Finally: in California, because so many people are not from here, we felt more like we belong just as well as everyone else, than anywhere else. Our family is quite a little mix, with passports from three continents. Our daughter has no simple roots. Being us is likely easier in the United States than in any of the European nation states with their millenia of identity. After a few years I felt like an American. In Germany, although it treated me well, after thirty years I still was an Ausländer.
As said, it is a unique place. I love it. It is a privilege and an amazing experience to have spent one decade of my life here.
Why are we moving? In short, guns and the inadequate social system.
In the last two years alone, we had four close-ish encounters with people wielding guns (not always around home). And we are not in a bad neighborhood, on the contrary. This is by all statistics one of the safest neighborhoods you will find in the East Bay or the City.
We are too worried to let the kid walk around by herself or even with friends. This is such a huge difference to how I grew up, and such a huge difference to when we spent the summer in Croatia, and she and other kids were off by themselves to explore and play. Here, there was not a single time she went to the playground or visited a friend by herself, or that one of her friends visited our house by themselves.
But even if she is not alone: going to the City with the kid? There are so many places there I want to avoid. Be it around the city hall, be it in the beautiful central library, be it on Market Street or even just on the subway or the subway stations: too often we have to be careful to avoid human excrement, too often we are confronted with people who are obviously in need of help, and too often I feel my fight or flight reflexes kicking in.

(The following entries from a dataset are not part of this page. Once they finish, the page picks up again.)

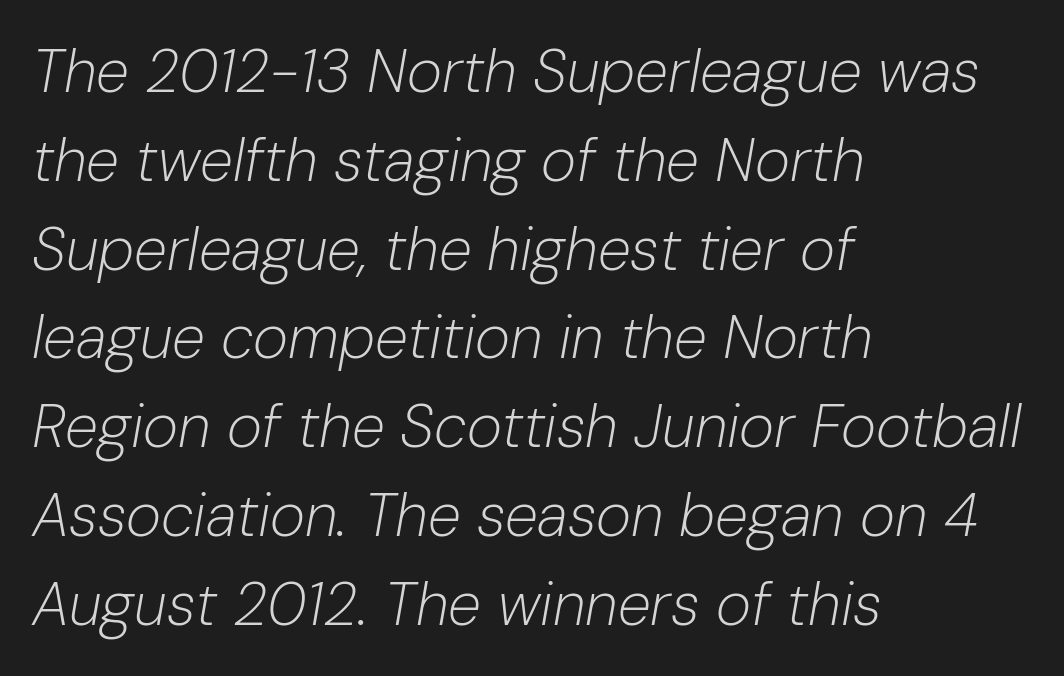
Spacing between characters is what you'd get straight out of the box. Notice how the passage keeps a crisp vertical edge on the left only. Has an underline been added? It has not. The rendering applies a slant to the glyphs. How would I describe the line gaps? Plain and ordinary. Character widths vary here, with narrow letters taking less room than wide ones.
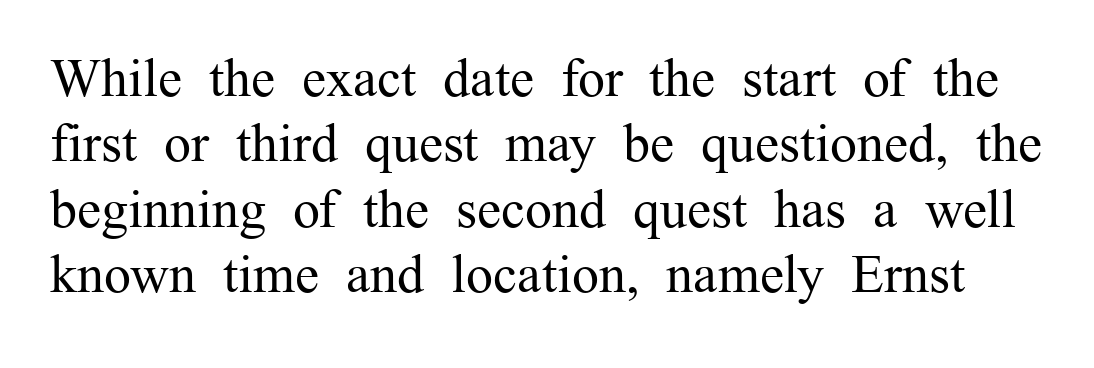
The image shows 54 px regular-weight serif type, upright; set line spacing 1.21x, normal letter spacing, not underlined; medium stroke contrast and a medium x-height.
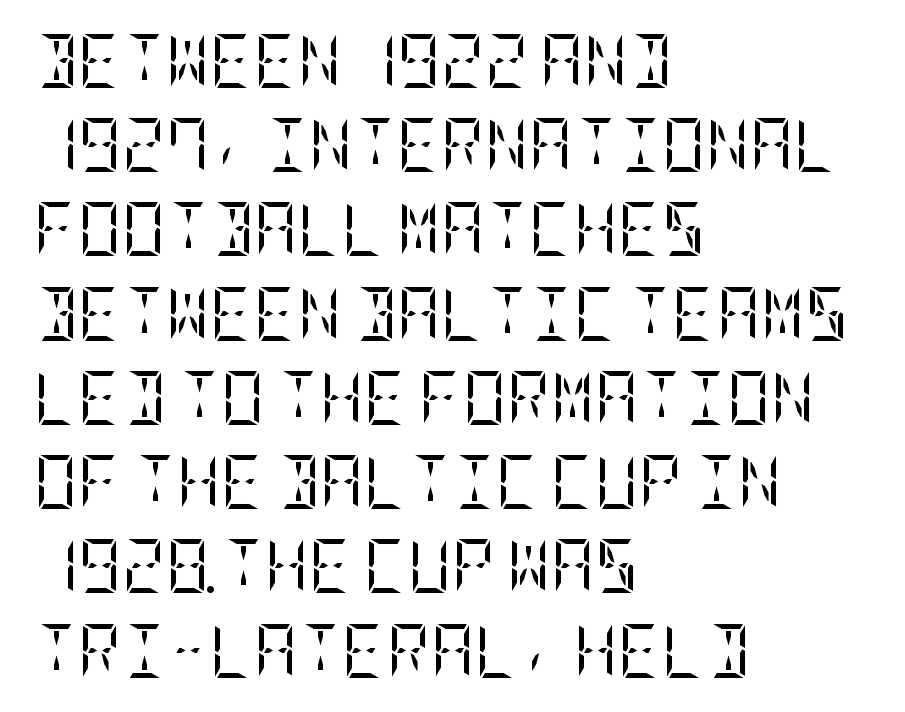
The image shows 54 px regular-weight, condensed serif type, upright; set left-aligned, normal line spacing (1.56x), normal letter spacing, not underlined; low stroke contrast and a large x-height.

All of this is just the visible effect of a much larger problem, one that we in the Bay Area in particular, but as Americans in general should be ashamed of not improving: the huge disparity between rich and poor, the difficult conditions that many people live in. It is a shame that so many people who are in dire need of professional help live on the streets instead of receiving mental health care, that there are literal tent cities in the Bay Area, while the area is also the home of hundreds of thousands of millionaires and more than sixty billionaires - more than the UK, France, or Switzerland. It is a shame that so many people have to work two or more jobs in order to pay their rent and feed themselves and their children, while the median income exceeds $10,000 a month. It is a shame that this country, which calls itself the richest and most powerful and most advanced country in the world, will let its school children go hungry. Is “school lunch debt” a thing anywhere else in the world? Is “medical bankruptcy” a thing anywhere else in the world? Where else are college debts such a persistent social issue?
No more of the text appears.